Insider

New breakthrough in Marielle Franco investigation

Justice Minister Flávio Dino speaks on the latest developments of the Marielle Franco case. Photo: Isaac Amorim/MJSP
Justice Minister Flávio Dino speaks on the latest developments of the Marielle Franco case. Photo: Isaac Amorim/MJSP

Justice Minister Flávio Dino announced on Monday that one of the main suspects in the Marielle Franco case agreed to a plea bargain.

Former police officer Élcio Queiroz confessed to participating in the March 2018 assassination of Ms. Franco, who served as a Rio de Janeiro city councilwoman, and her driver Anderson Gomes. 

The confession closes the chapter of the investigation into the execution of the crime, and authorities will now focus on determining who ordered the double murder.

Ms.
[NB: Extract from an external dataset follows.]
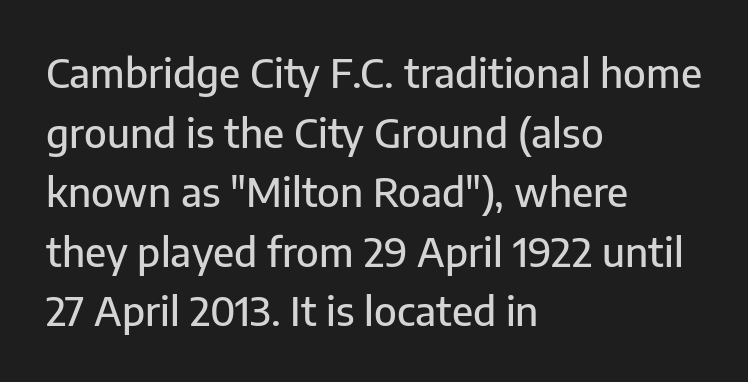
{"serif": "no", "italic": "no", "width": "normal", "stroke_contrast": "low", "x_height": "medium", "monospaced": "no", "underline": "no", "align": "left", "line_spacing": "normal", "line_spacing_ratio": 1.49, "letter_spacing": "normal", "letter_spacing_em": 0.0, "glyph_px": 40}

Franco, a member of the left-wing Socialism and Freedom Party (Psol), was shot dead on the night of March 14, 2018. She was 38. A year after the crime, Mr. Queiroz and Ronnie Lessa, also a former police officer, were arrested. Mr. Lessa was charged as the drive-by shooter, and Mr. Queiroz was charged as the getaway driver. Both remain in jail, awaiting trial. 

On Monday, the Federal Police also arrested former firefighter Maxwell Simões Correa, who Mr. Queiroz said also participated in the double murder by conducting surveillance on Ms. Franco. 
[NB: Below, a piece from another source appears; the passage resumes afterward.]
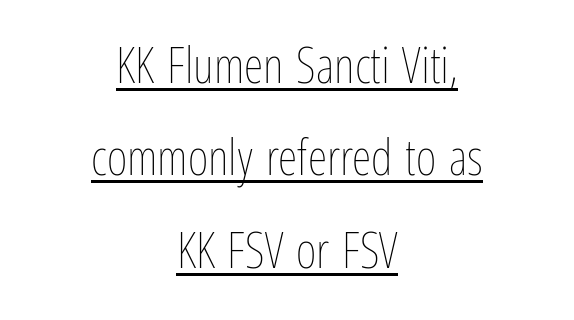
Spacing between characters is what you'd get straight out of the box. The specimen reads as upright at a glance. Spacing verdict: proportional, widths tailored to each character. These lines are centered, leaving both edges ragged.

Mr. Correa had previously been arrested and convicted for obstructing the investigation, but was serving a non-custodial sentence.

The justice minister said in a press conference that Mr. Queiroz’s testimony, as well as other elements of the investigation, removed doubts about the commission of the crime and that the next steps would lead to who ordered the murders. “There is no perfect crime,” Mr. Dino said.

In February, Mr. Dino announced that the Federal Police had opened an investigation into the circumstances surrounding the killings. In his inaugural speech earlier this year, he said solving the Marielle Franco case was a “matter of honor.”

The main investigation into the murder had been conducted at the state level, with Rio police assigning five different officers to lead the case. At the state prosecutor’s office, three different teams were assigned to the inquiry.

A few weeks before her murder, Ms. Franco had been chosen to be the rapporteur of a city council committee to oversee the federal security intervention in Rio ordered by then-President Michel Temer. Jair Bolsonaro was the only presidential candidate at the time who did not condemn Ms. Franco’s assassination.

In the first month of the Bolsonaro administration, then-Justice Minister Sergio Moro said he had considered federalizing the Marielle Franco case, but never acted on the idea. Ms. Franco’s family publicly opposed federalizing the case at the time and claimed Mr. Moro had “always shown little interest” in the investigation. 

But after President Luiz Inácio Lula da Silva took office at the start of the year and appointed Ms. Franco’s sister, Anielle Franco, as racial equality minister, the family said federalizing the case was “an option” now that the Federal Police is under new leadership.